----- INFORMATION SUPPLIED

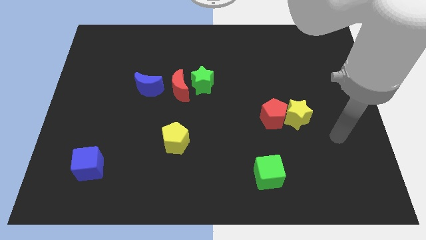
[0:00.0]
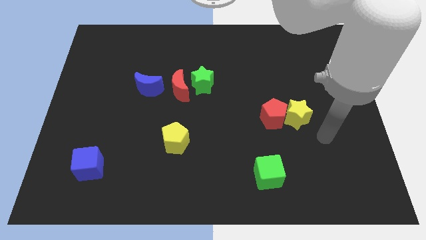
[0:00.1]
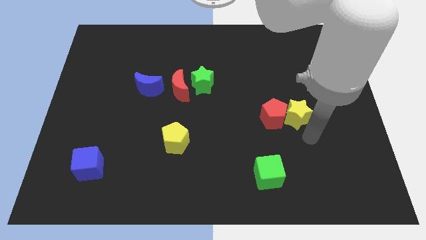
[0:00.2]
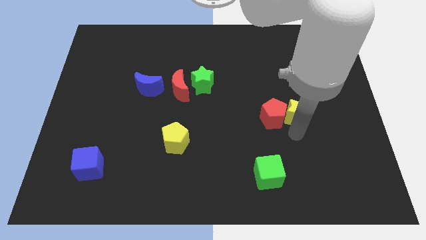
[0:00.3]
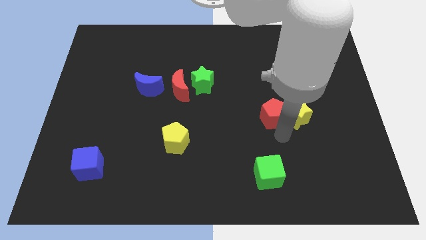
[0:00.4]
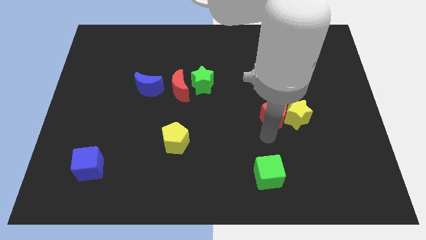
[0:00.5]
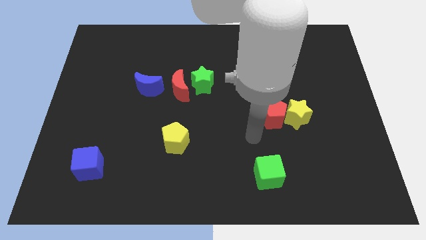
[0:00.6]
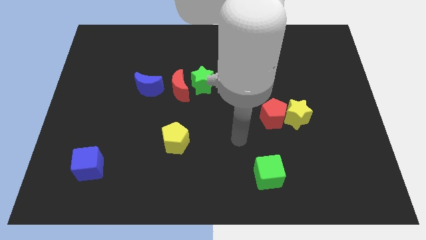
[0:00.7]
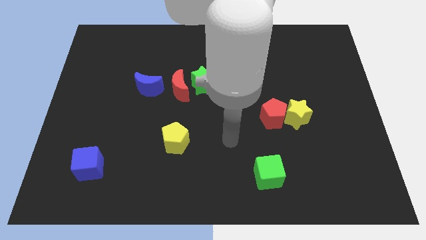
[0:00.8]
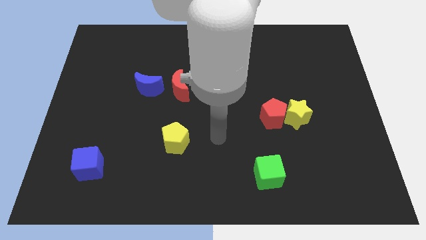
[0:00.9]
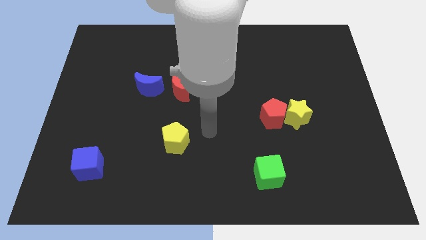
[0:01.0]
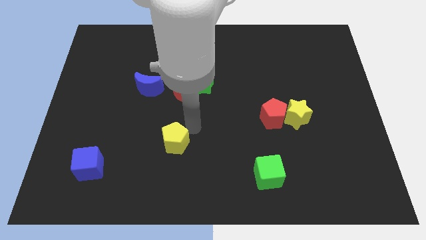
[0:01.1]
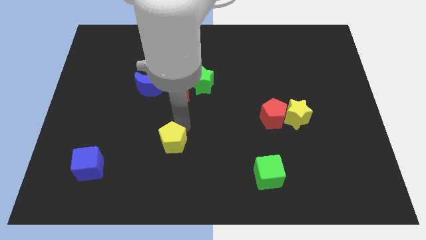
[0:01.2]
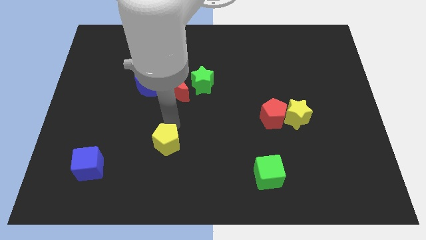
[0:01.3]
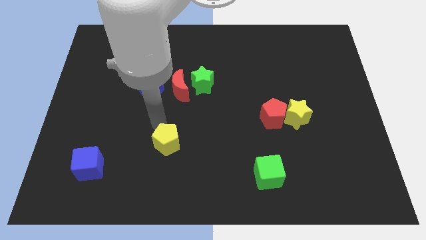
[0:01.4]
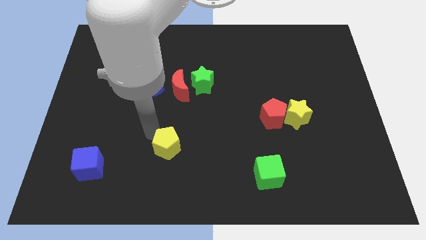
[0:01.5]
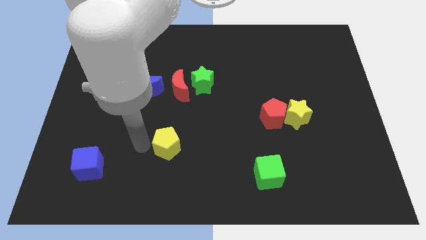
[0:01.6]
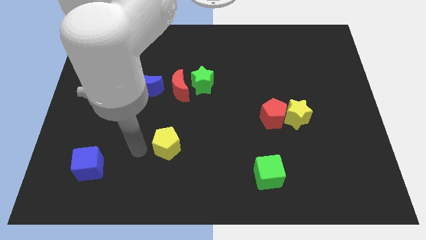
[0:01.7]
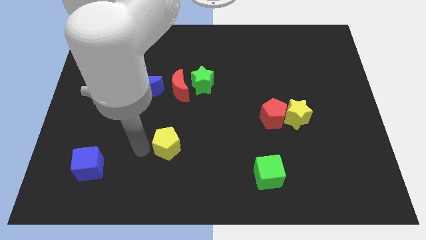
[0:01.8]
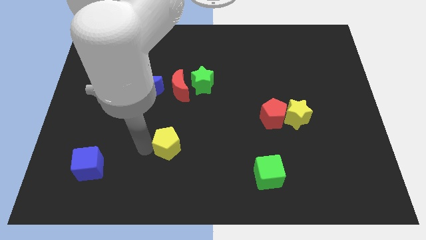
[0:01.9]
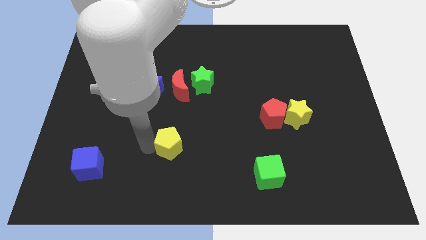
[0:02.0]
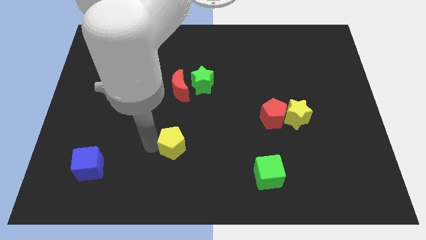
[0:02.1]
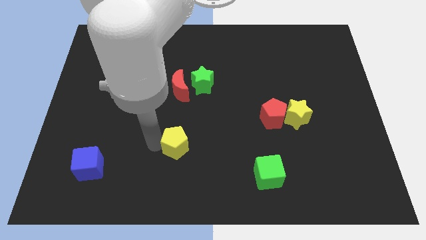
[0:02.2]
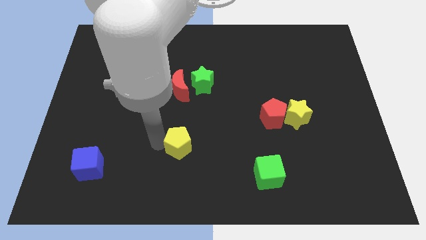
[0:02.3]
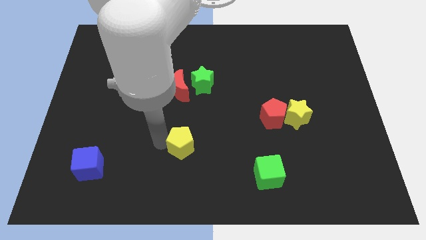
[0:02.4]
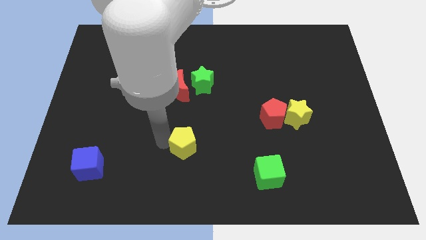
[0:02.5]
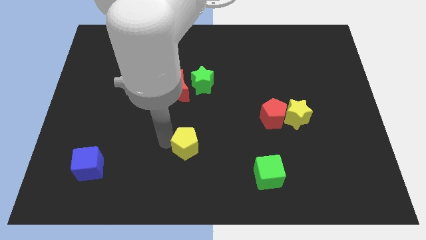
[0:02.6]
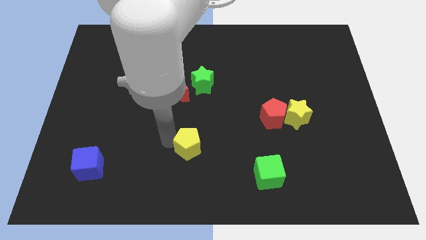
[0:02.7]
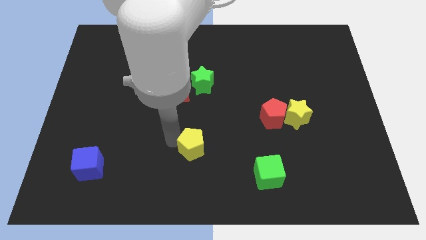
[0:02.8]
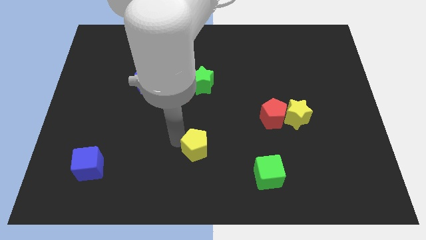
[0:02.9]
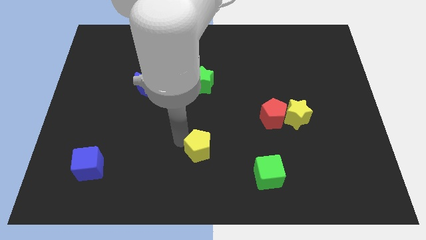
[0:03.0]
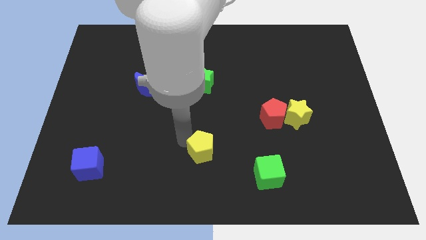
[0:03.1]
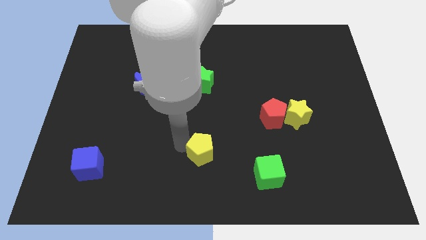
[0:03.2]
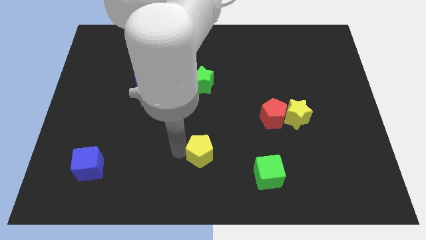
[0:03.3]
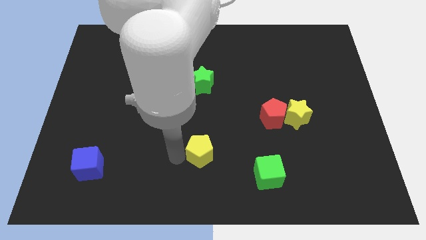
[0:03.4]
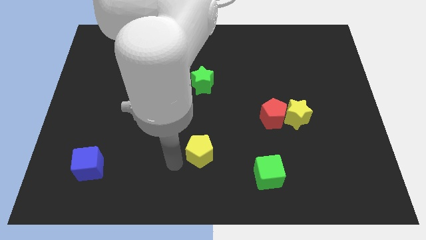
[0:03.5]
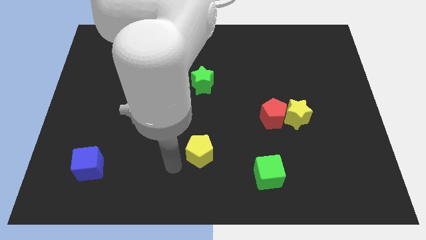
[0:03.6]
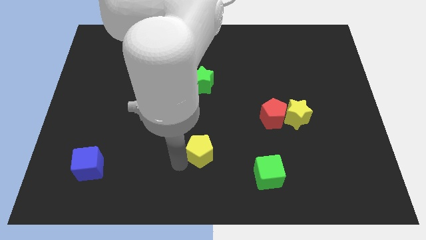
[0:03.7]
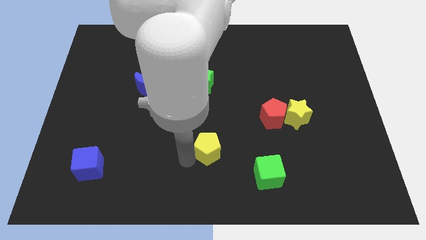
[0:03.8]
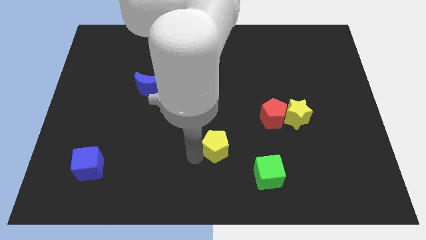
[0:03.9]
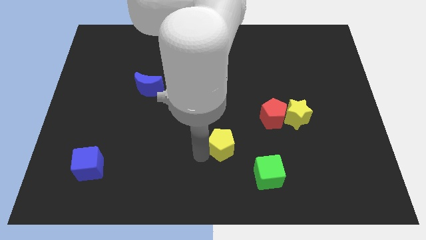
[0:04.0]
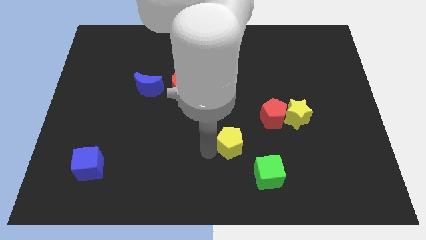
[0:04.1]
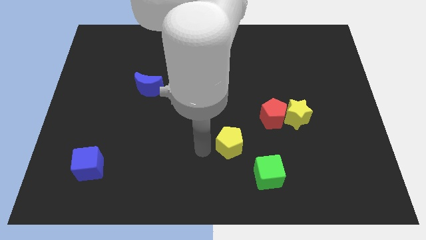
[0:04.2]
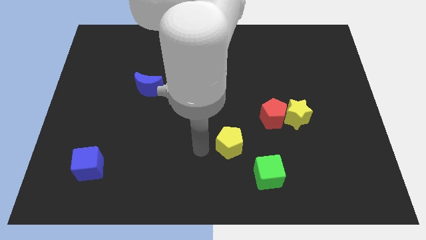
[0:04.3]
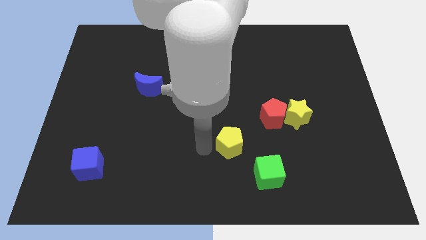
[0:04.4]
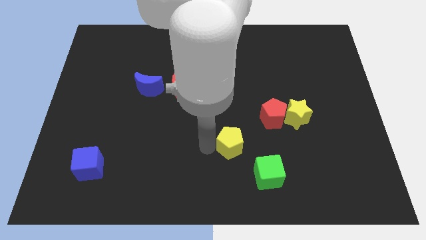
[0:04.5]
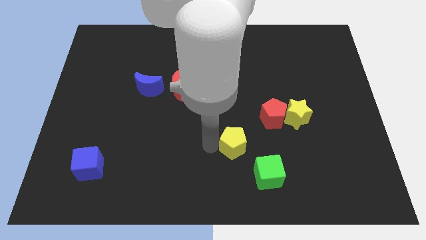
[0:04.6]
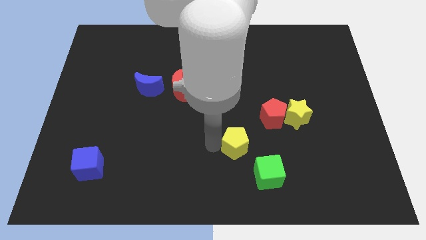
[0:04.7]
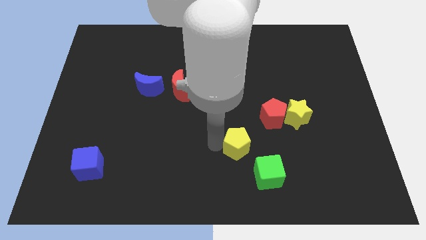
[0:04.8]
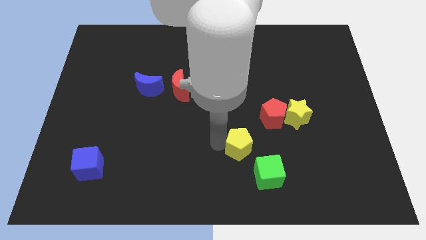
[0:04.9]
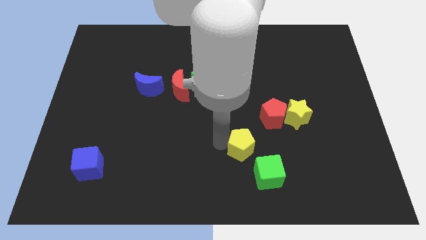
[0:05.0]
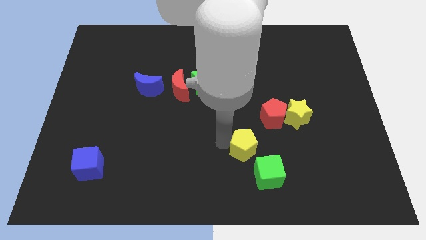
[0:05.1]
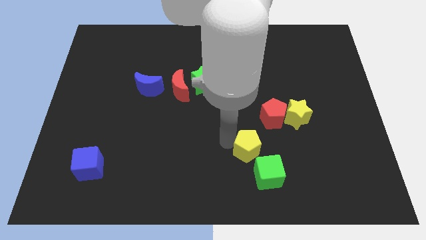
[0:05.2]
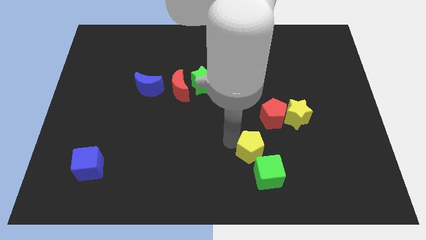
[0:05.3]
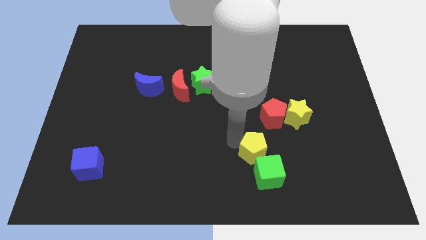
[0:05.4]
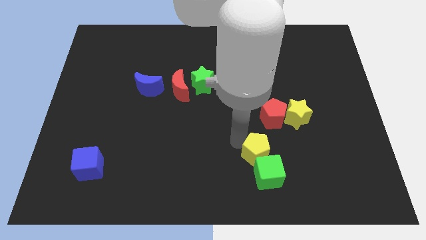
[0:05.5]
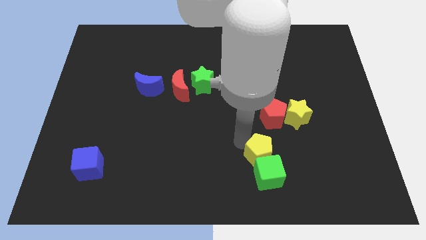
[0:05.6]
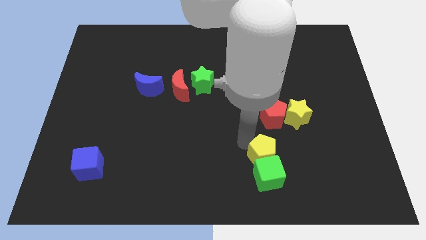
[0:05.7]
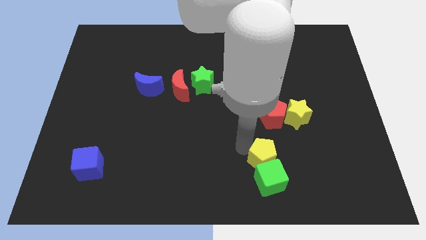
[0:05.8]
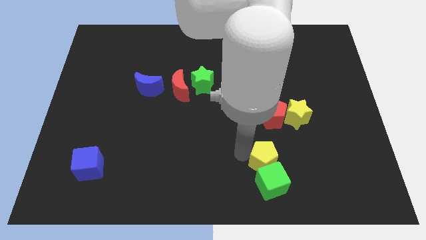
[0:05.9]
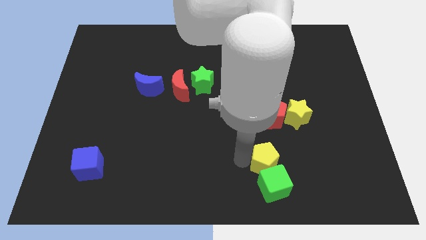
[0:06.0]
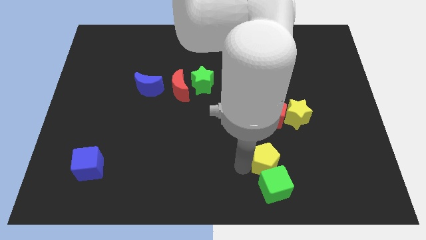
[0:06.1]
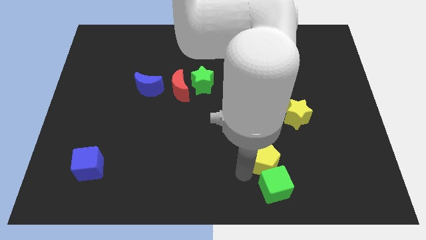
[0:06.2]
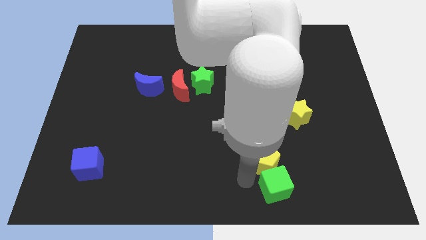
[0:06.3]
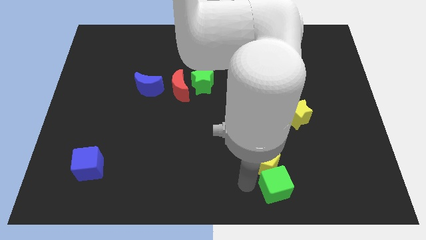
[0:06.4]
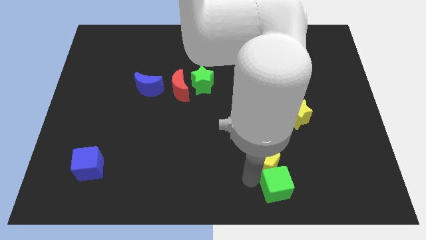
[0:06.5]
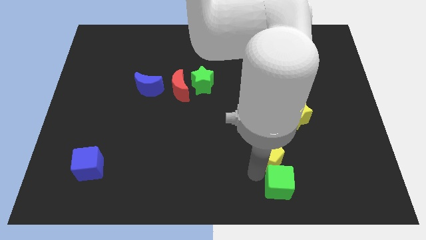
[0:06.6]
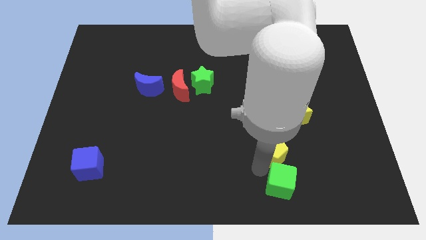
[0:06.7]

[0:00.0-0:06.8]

----------

The expected answer is the data retyped exactly, without pictures.

TASK ANSWER:
[0:00.0]
[0:00.1]
[0:00.2]
[0:00.3]
[0:00.4]
[0:00.5]
[0:00.6]
[0:00.7]
[0:00.8]
[0:00.9]
[0:01.0]
[0:01.1]
[0:01.2]
[0:01.3]
[0:01.4]
[0:01.5]
[0:01.6]
[0:01.7]
[0:01.8]
[0:01.9]
[0:02.0]
[0:02.1]
[0:02.2]
[0:02.3]
[0:02.4]
[0:02.5]
[0:02.6]
[0:02.7]
[0:02.8]
[0:02.9]
[0:03.0]
[0:03.1]
[0:03.2]
[0:03.3]
[0:03.4]
[0:03.5]
[0:03.6]
[0:03.7]
[0:03.8]
[0:03.9]
[0:04.0]
[0:04.1]
[0:04.2]
[0:04.3]
[0:04.4]
[0:04.5]
[0:04.6]
[0:04.7]
[0:04.8]
[0:04.9]
[0:05.0]
[0:05.1]
[0:05.2]
[0:05.3]
[0:05.4]
[0:05.5]
[0:05.6]
[0:05.7]
[0:05.8]
[0:05.9]
[0:06.0]
[0:06.1]
[0:06.2]
[0:06.3]
[0:06.4]
[0:06.5]
[0:06.6]
[0:06.7]

[0:00.0-0:06.8]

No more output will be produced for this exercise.